## [Task objective]
Nothing but the lines from the top of the data to the line holding "71.243C75.858 67.51 73.16" should be printed, word for word and both ends included; leave the pictures out.

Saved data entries

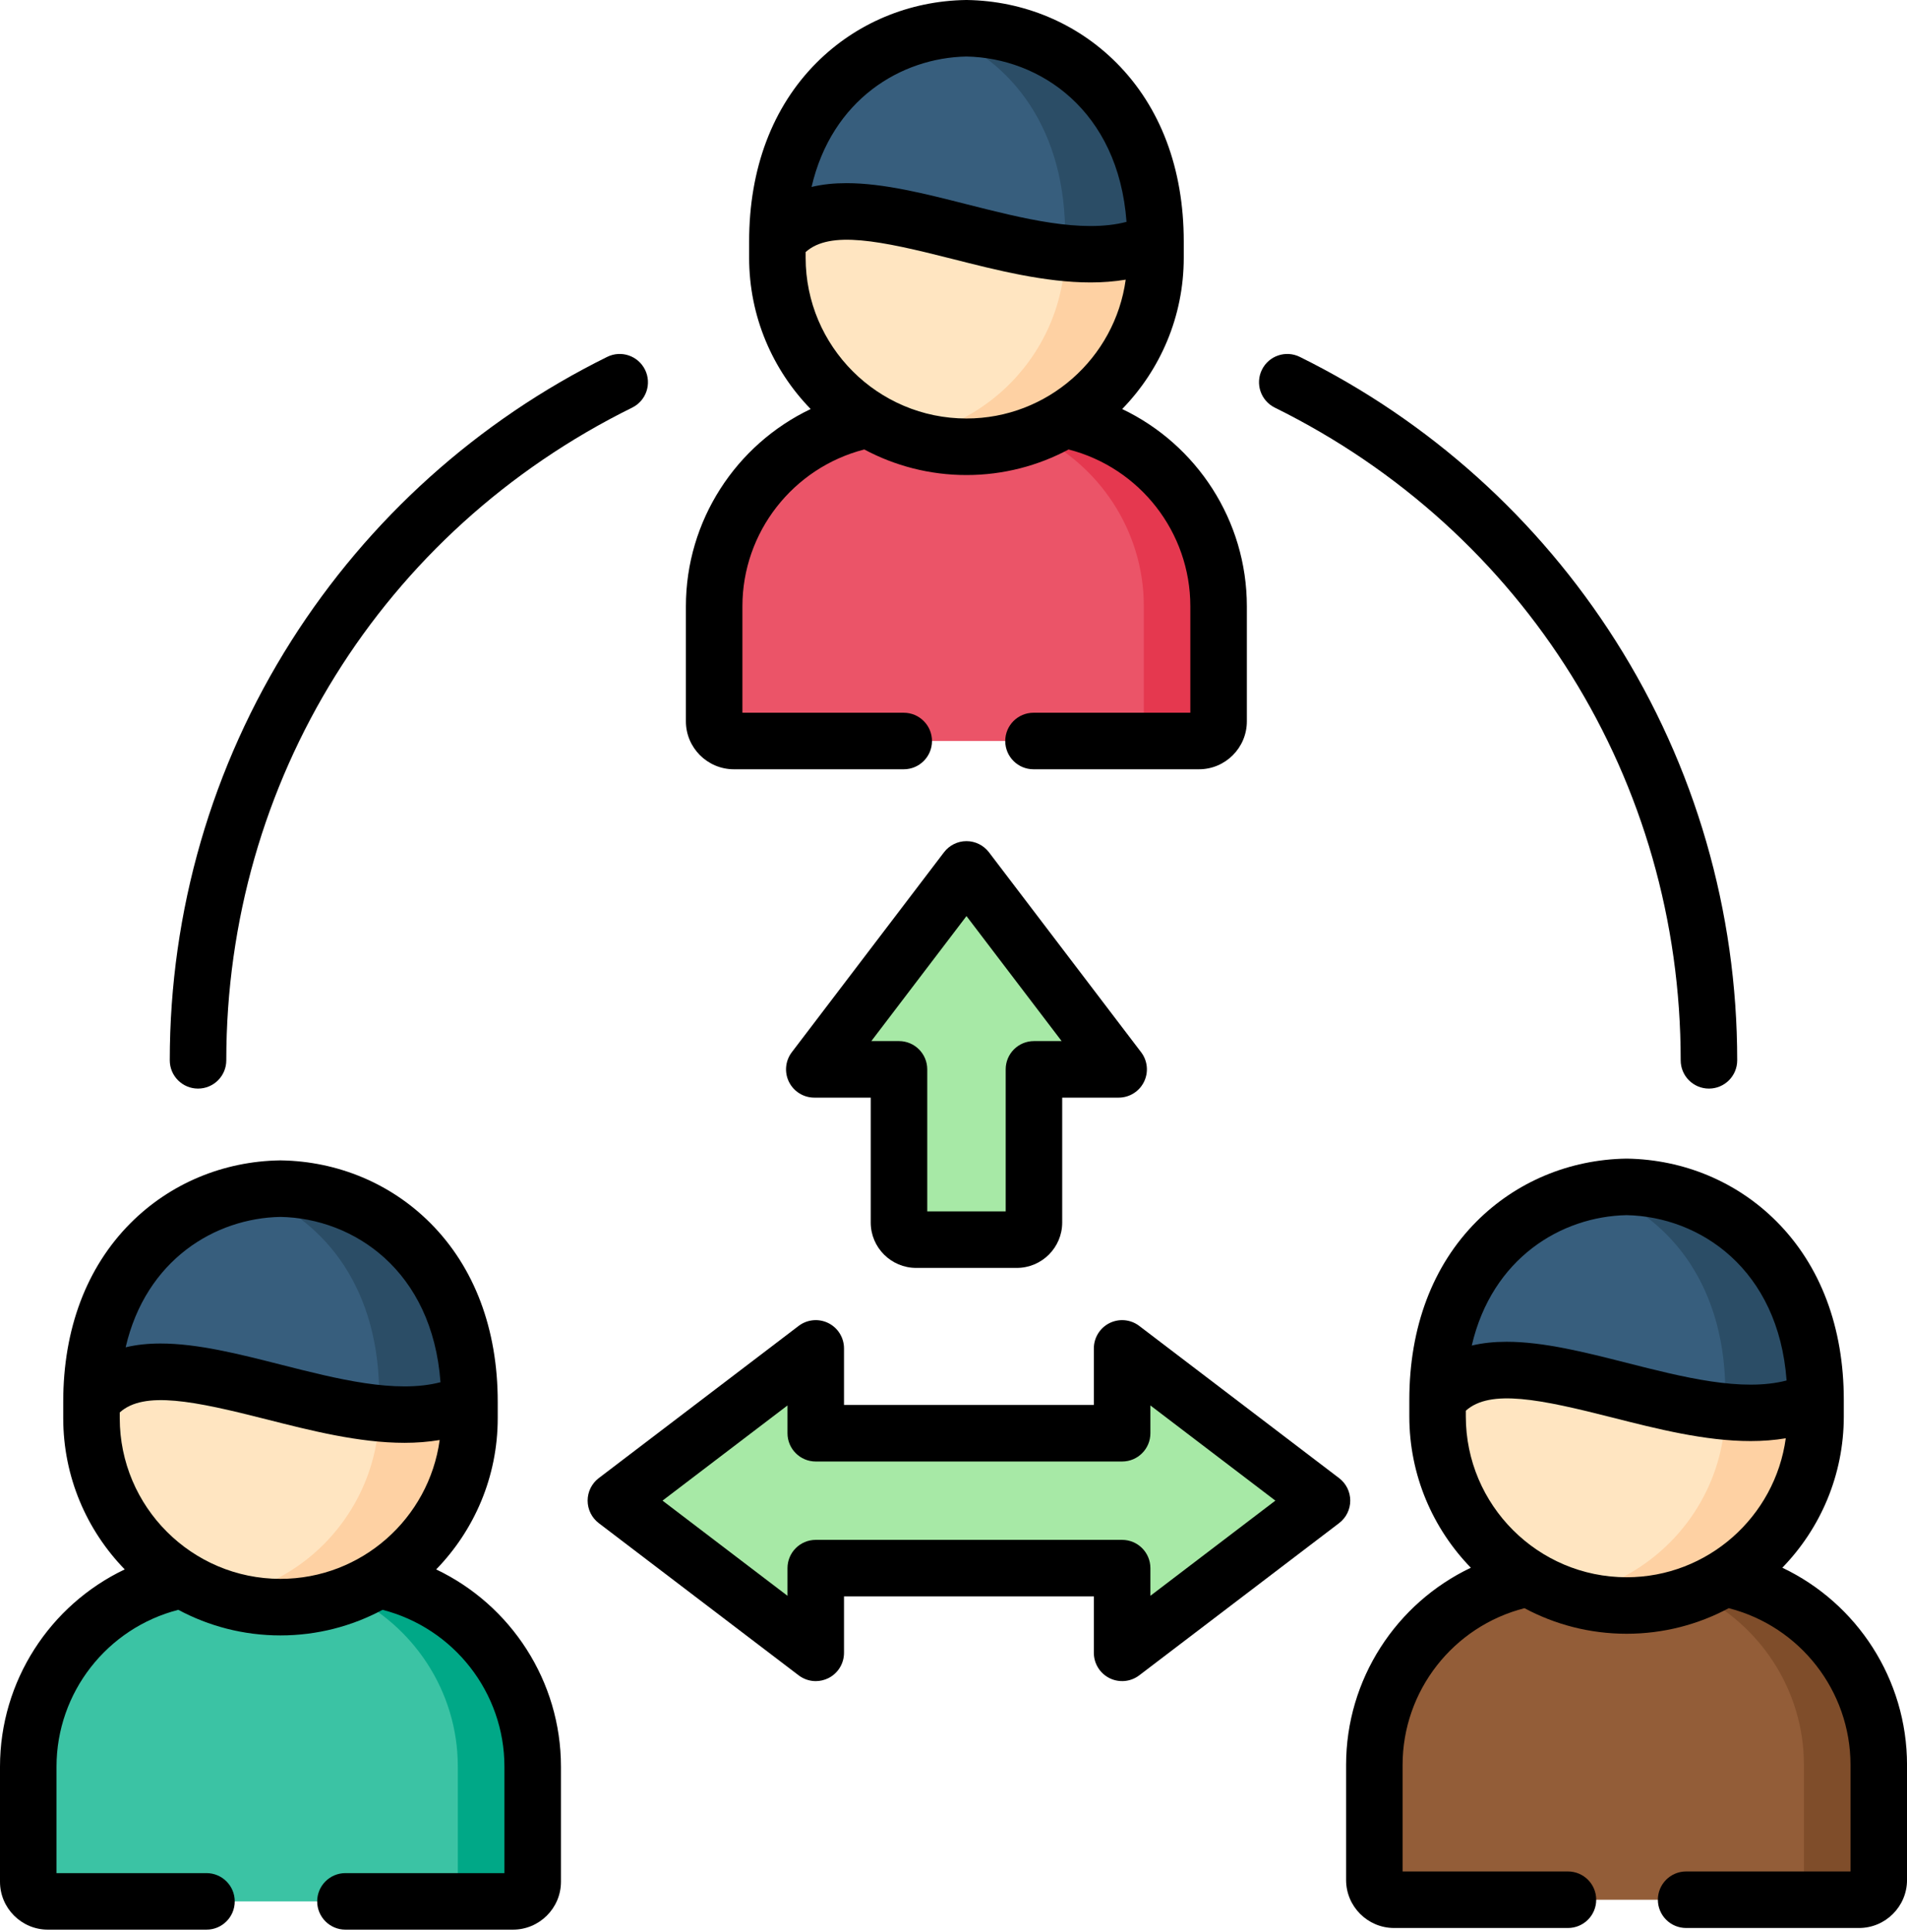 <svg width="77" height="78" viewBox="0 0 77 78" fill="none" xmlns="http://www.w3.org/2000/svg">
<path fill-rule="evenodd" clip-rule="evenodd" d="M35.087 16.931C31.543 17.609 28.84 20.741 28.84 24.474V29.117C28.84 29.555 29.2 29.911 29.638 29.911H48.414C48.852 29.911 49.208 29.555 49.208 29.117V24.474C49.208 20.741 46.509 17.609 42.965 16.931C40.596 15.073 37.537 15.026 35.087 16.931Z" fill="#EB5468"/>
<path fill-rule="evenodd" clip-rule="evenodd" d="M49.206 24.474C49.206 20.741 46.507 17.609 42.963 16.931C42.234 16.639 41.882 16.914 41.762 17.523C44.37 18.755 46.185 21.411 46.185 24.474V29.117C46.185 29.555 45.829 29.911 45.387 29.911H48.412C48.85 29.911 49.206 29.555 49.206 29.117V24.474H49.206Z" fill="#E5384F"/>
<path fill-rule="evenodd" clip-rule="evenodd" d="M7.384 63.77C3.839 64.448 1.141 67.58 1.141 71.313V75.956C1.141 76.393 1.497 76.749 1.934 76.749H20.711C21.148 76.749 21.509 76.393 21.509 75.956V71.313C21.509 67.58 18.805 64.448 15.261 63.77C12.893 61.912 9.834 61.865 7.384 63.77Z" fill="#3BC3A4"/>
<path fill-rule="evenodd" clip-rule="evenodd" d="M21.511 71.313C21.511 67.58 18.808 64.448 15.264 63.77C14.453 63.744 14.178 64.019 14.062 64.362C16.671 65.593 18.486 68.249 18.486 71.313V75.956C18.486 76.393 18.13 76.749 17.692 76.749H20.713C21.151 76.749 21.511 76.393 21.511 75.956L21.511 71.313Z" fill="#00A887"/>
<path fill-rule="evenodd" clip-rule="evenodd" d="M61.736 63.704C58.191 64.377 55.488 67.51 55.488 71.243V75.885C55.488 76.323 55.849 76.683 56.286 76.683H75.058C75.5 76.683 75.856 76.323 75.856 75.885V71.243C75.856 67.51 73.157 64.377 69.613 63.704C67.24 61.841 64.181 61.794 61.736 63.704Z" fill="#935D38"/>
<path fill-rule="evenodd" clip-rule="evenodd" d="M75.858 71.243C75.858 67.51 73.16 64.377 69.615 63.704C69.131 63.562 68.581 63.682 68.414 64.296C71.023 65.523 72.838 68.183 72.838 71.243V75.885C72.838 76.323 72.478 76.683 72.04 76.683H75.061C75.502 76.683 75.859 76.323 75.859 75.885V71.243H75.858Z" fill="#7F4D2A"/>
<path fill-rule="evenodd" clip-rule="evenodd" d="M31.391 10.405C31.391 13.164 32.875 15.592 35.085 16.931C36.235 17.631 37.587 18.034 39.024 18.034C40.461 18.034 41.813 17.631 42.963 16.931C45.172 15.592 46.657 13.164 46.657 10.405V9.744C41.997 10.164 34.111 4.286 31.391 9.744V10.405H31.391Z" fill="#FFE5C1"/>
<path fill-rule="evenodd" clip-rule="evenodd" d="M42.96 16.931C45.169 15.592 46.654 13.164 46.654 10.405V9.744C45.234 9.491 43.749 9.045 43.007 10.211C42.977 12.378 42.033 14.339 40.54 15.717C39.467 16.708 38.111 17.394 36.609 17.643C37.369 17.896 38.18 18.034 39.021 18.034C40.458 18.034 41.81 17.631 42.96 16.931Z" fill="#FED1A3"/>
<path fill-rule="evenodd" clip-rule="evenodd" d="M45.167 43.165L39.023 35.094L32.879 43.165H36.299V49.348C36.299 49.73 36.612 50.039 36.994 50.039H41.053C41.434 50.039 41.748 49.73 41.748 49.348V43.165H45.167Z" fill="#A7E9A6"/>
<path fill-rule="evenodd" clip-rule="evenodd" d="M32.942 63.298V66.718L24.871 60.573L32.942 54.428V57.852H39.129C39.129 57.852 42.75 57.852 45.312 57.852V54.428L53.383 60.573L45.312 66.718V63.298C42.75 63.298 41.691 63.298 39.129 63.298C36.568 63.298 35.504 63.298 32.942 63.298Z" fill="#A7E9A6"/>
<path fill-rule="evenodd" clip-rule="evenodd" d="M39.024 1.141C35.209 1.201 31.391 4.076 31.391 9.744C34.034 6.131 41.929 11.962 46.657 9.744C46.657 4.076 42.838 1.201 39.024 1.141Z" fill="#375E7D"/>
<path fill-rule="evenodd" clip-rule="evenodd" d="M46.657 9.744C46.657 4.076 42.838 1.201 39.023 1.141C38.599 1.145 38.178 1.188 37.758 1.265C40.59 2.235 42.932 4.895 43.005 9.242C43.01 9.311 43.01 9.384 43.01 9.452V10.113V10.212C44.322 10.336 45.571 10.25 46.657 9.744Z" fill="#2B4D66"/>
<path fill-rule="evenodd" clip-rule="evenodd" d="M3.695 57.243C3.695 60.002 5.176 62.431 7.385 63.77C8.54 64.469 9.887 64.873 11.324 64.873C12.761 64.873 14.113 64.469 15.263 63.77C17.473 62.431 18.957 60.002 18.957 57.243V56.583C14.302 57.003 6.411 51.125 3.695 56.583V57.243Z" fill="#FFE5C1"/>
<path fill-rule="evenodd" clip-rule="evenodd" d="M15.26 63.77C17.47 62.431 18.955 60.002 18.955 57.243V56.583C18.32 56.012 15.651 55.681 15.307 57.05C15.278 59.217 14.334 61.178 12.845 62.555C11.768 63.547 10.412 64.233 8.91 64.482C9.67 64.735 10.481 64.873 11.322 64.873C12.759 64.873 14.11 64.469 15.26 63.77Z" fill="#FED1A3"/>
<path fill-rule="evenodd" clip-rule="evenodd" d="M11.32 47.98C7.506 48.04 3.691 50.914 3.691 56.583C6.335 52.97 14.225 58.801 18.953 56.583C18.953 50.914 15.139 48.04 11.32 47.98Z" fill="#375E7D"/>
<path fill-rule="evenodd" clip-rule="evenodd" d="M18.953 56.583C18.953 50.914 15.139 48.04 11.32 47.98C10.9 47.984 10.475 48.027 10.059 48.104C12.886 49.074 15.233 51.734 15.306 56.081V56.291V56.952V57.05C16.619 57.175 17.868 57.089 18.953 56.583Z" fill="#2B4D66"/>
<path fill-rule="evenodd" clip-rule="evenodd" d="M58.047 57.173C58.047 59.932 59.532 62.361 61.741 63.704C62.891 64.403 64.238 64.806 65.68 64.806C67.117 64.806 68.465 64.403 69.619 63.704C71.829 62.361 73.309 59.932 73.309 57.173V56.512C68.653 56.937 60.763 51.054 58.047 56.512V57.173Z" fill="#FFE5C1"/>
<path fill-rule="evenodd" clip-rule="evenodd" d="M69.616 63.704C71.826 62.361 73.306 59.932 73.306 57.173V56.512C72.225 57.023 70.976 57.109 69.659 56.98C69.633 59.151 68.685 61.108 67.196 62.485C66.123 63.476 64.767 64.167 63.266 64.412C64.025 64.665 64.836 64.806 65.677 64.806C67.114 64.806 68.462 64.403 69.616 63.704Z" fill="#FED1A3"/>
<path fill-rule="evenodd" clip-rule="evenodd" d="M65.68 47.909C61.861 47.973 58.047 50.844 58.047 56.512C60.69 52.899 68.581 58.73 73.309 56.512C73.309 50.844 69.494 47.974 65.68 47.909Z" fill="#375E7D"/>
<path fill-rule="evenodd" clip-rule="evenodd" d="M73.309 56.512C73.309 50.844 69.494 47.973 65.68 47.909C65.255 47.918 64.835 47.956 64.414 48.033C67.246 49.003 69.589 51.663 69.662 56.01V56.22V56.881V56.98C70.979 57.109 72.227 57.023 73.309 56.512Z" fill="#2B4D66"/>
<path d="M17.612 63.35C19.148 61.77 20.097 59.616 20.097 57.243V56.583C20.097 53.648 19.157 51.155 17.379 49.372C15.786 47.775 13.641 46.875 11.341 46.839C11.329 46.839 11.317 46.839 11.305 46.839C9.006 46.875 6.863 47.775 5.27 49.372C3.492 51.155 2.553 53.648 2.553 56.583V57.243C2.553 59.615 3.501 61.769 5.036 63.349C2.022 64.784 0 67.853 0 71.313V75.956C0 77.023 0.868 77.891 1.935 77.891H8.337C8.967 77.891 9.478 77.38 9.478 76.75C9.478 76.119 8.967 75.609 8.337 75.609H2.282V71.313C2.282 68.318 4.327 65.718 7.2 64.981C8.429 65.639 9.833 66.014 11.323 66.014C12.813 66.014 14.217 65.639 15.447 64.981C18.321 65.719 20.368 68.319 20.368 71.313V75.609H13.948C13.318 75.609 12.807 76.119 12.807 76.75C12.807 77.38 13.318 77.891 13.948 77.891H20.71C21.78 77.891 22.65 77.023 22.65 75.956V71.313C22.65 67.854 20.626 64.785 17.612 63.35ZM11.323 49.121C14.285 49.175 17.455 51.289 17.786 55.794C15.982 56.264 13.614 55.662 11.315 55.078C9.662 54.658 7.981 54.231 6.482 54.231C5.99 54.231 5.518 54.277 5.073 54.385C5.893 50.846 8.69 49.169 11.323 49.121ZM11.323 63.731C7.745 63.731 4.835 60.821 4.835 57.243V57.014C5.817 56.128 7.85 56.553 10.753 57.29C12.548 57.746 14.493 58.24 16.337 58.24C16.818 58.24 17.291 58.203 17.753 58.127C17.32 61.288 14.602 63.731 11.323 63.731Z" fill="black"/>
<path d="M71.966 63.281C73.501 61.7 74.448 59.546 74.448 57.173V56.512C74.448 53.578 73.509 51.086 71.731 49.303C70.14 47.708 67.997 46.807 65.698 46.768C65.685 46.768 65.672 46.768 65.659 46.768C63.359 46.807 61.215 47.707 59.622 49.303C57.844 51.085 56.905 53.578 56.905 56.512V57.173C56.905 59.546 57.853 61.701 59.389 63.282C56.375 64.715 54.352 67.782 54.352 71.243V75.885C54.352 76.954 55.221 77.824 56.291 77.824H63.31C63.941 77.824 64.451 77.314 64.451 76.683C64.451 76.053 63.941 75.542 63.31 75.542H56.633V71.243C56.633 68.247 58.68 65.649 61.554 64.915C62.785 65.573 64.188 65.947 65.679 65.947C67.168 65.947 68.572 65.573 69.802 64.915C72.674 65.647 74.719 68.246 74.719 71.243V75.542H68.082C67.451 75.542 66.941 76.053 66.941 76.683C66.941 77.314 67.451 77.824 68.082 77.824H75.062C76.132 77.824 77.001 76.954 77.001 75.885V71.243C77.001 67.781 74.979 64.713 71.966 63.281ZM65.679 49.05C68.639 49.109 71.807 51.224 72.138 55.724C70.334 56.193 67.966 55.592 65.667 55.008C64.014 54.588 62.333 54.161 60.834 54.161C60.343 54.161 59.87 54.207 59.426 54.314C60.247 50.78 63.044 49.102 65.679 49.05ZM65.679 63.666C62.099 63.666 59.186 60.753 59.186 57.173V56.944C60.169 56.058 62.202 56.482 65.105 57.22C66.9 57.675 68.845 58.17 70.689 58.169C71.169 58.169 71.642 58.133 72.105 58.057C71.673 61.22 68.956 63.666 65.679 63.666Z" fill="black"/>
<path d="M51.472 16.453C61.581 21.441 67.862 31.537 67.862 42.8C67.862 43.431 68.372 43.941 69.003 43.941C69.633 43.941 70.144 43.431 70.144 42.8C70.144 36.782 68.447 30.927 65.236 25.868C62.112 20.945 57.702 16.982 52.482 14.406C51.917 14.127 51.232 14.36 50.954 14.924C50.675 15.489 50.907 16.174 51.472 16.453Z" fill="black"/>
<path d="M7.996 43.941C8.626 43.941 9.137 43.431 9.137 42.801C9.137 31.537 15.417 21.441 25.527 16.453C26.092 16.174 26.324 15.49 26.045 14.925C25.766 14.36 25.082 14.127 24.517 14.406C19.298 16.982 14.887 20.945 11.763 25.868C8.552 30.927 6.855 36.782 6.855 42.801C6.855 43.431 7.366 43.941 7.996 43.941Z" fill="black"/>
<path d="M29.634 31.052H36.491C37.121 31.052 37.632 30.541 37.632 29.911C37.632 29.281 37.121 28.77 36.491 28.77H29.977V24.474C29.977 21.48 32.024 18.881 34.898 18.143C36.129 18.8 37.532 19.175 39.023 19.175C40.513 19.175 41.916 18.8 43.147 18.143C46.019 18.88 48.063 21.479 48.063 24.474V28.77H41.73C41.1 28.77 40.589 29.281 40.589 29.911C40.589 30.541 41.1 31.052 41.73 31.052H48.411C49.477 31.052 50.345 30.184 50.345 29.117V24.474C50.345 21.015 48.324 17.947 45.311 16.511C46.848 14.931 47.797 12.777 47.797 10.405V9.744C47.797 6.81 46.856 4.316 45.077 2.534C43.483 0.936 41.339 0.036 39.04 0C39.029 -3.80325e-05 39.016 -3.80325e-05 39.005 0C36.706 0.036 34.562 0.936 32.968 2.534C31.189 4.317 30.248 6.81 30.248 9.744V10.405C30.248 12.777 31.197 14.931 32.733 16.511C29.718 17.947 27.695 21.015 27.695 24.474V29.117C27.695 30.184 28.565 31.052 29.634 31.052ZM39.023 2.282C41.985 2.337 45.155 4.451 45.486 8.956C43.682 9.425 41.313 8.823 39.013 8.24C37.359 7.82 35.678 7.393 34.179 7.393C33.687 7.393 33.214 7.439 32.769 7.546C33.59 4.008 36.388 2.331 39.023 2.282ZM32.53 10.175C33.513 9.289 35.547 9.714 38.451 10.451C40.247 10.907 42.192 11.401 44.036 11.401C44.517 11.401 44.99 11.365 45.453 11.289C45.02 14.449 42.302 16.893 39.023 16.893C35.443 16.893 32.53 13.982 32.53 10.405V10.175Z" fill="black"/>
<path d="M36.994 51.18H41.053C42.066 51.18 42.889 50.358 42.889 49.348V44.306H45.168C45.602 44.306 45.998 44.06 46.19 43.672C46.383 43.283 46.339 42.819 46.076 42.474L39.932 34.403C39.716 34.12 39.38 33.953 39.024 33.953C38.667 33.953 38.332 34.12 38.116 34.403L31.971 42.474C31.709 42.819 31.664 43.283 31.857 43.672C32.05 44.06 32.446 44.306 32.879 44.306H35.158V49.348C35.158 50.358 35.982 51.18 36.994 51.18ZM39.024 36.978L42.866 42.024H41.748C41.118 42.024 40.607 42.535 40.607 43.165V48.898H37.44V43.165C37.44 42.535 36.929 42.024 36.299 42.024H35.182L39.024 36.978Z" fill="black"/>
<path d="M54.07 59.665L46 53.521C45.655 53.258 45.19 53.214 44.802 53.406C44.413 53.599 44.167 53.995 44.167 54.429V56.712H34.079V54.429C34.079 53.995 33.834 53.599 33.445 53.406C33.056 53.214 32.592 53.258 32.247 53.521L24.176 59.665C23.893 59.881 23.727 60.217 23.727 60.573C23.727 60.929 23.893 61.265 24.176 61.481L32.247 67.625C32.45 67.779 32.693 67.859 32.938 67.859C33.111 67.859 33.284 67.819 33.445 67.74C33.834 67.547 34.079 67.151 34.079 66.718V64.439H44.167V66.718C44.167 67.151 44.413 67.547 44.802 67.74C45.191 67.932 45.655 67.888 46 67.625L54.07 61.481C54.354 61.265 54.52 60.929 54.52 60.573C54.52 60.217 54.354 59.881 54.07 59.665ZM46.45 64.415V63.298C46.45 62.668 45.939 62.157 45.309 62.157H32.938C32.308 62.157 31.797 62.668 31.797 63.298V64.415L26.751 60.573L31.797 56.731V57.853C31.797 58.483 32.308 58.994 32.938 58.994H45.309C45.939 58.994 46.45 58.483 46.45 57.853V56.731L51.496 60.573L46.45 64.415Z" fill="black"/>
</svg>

## [Output for this task]
 <svg width="77" height="78" viewBox="0 0 77 78" fill="none" xmlns="http://www.w3.org/2000/svg">
<path fill-rule="evenodd" clip-rule="evenodd" d="M35.087 16.931C31.543 17.609 28.84 20.741 28.84 24.474V29.117C28.84 29.555 29.2 29.911 29.638 29.911H48.414C48.852 29.911 49.208 29.555 49.208 29.117V24.474C49.208 20.741 46.509 17.609 42.965 16.931C40.596 15.073 37.537 15.026 35.087 16.931Z" fill="#EB5468"/>
<path fill-rule="evenodd" clip-rule="evenodd" d="M49.206 24.474C49.206 20.741 46.507 17.609 42.963 16.931C42.234 16.639 41.882 16.914 41.762 17.523C44.37 18.755 46.185 21.411 46.185 24.474V29.117C46.185 29.555 45.829 29.911 45.387 29.911H48.412C48.85 29.911 49.206 29.555 49.206 29.117V24.474H49.206Z" fill="#E5384F"/>
<path fill-rule="evenodd" clip-rule="evenodd" d="M7.384 63.77C3.839 64.448 1.141 67.58 1.141 71.313V75.956C1.141 76.393 1.497 76.749 1.934 76.749H20.711C21.148 76.749 21.509 76.393 21.509 75.956V71.313C21.509 67.58 18.805 64.448 15.261 63.77C12.893 61.912 9.834 61.865 7.384 63.77Z" fill="#3BC3A4"/>
<path fill-rule="evenodd" clip-rule="evenodd" d="M21.511 71.313C21.511 67.58 18.808 64.448 15.264 63.77C14.453 63.744 14.178 64.019 14.062 64.362C16.671 65.593 18.486 68.249 18.486 71.313V75.956C18.486 76.393 18.13 76.749 17.692 76.749H20.713C21.151 76.749 21.511 76.393 21.511 75.956L21.511 71.313Z" fill="#00A887"/>
<path fill-rule="evenodd" clip-rule="evenodd" d="M61.736 63.704C58.191 64.377 55.488 67.51 55.488 71.243V75.885C55.488 76.323 55.849 76.683 56.286 76.683H75.058C75.5 76.683 75.856 76.323 75.856 75.885V71.243C75.856 67.51 73.157 64.377 69.613 63.704C67.24 61.841 64.181 61.794 61.736 63.704Z" fill="#935D38"/>
<path fill-rule="evenodd" clip-rule="evenodd" d="M75.858 71.243C75.858 67.51 73.16 64.377 69.615 63.704C69.131 63.562 68.581 63.682 68.414 64.296C71.023 65.523 72.838 68.183 72.838 71.243V75.885C72.838 76.323 72.478 76.683 72.04 76.683H75.061C75.502 76.683 75.859 76.323 75.859 75.885V71.243H75.858Z" fill="#7F4D2A"/>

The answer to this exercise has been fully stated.